Oakland Raiders Haven't Gotten Any Smarter

By Troy Alan
Kelly L. Cox – USA Today Sports

In the past, when the Oakland Raiders played away from home, police blotters in visiting cities lit up. There was a whole list of “priors” (previous legal convictions, that is) that rolled into town with them.

Under late owner Al Davis, if a player was in trouble of any kind … he’d first look to the Raiders for a new home and second chance. Under Davis’ famous “just win, baby” theory, character didn’t rate.

In more recent years, the Oakland franchise owner would often get into contractual wars with Dallas Cowboys counterpart Jerry Jones. It often seemed as if the two were in a financial battle to see who could offer unwanted players the most money to come help his team lose.

In the six most “prior” visits to Arrowhead Stadium however, Oakland has come out on top. The last four were with well-respected veteran quarterbacks at the helm. Carson Palmer and Jason Campbell had been replaced by more youthful players in their old homes. It appeared as though Davis had learned his lesson.

Under new majority owner Mark Davis, Al’s son, the mentality seems to have reverted. The vocabulary has developed a bit though. This Sunday, the Raiders will visit the Kansas City Chiefs and they’re hoping not to be synonymous with their rivalry, trailing 50-55-2 against Kansas City. Their starting QB will be Terrelle Pryor.

Pryor is one of the main reasons why Jim Tressel is no longer the football coach at Ohio State. He and other players were found to be signing autographs for tattoos and drugs. Terrell himself is said to have owned eight new cars in three years with the Buckeyes.

While “Pryor” is homonymic with “prior”, I’m told it carries an entirely different meaning.

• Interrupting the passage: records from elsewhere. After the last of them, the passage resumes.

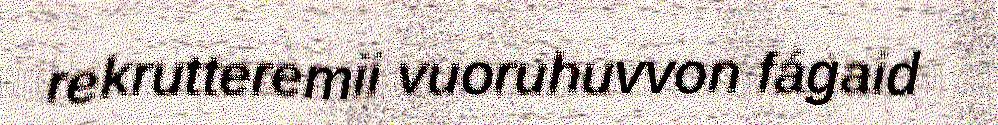
rekrutteremii vuoruhuvvon fágaid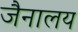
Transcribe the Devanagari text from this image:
जैनालय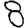
Digit: 8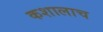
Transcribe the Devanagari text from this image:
कशालाच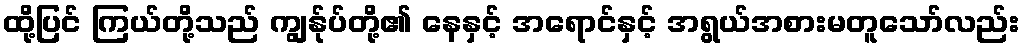
ထို့ပြင် ကြယ်တို့သည် ကျွန်ုပ်တို့၏ နေနှင့် အရောင်နှင့် အရွယ်အစားမတူသော်လည်း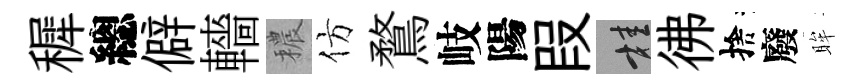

The urban dictionary definition of a “Pryor” defines it as “someone who owns people”. The second definition is “One who shows great aptitude in such things as; shooting weapons of any sort, fighting, playing basketball.”

The final definition says it all: “One who pocesses superior wit and intillect.” That is not a typo on my part — that’s exactly how it reads. Look it up if you doubt me.

The word may not be spelled the same, but it sure does sound and look like the Raiders of old. Chiefs fans welcome you back.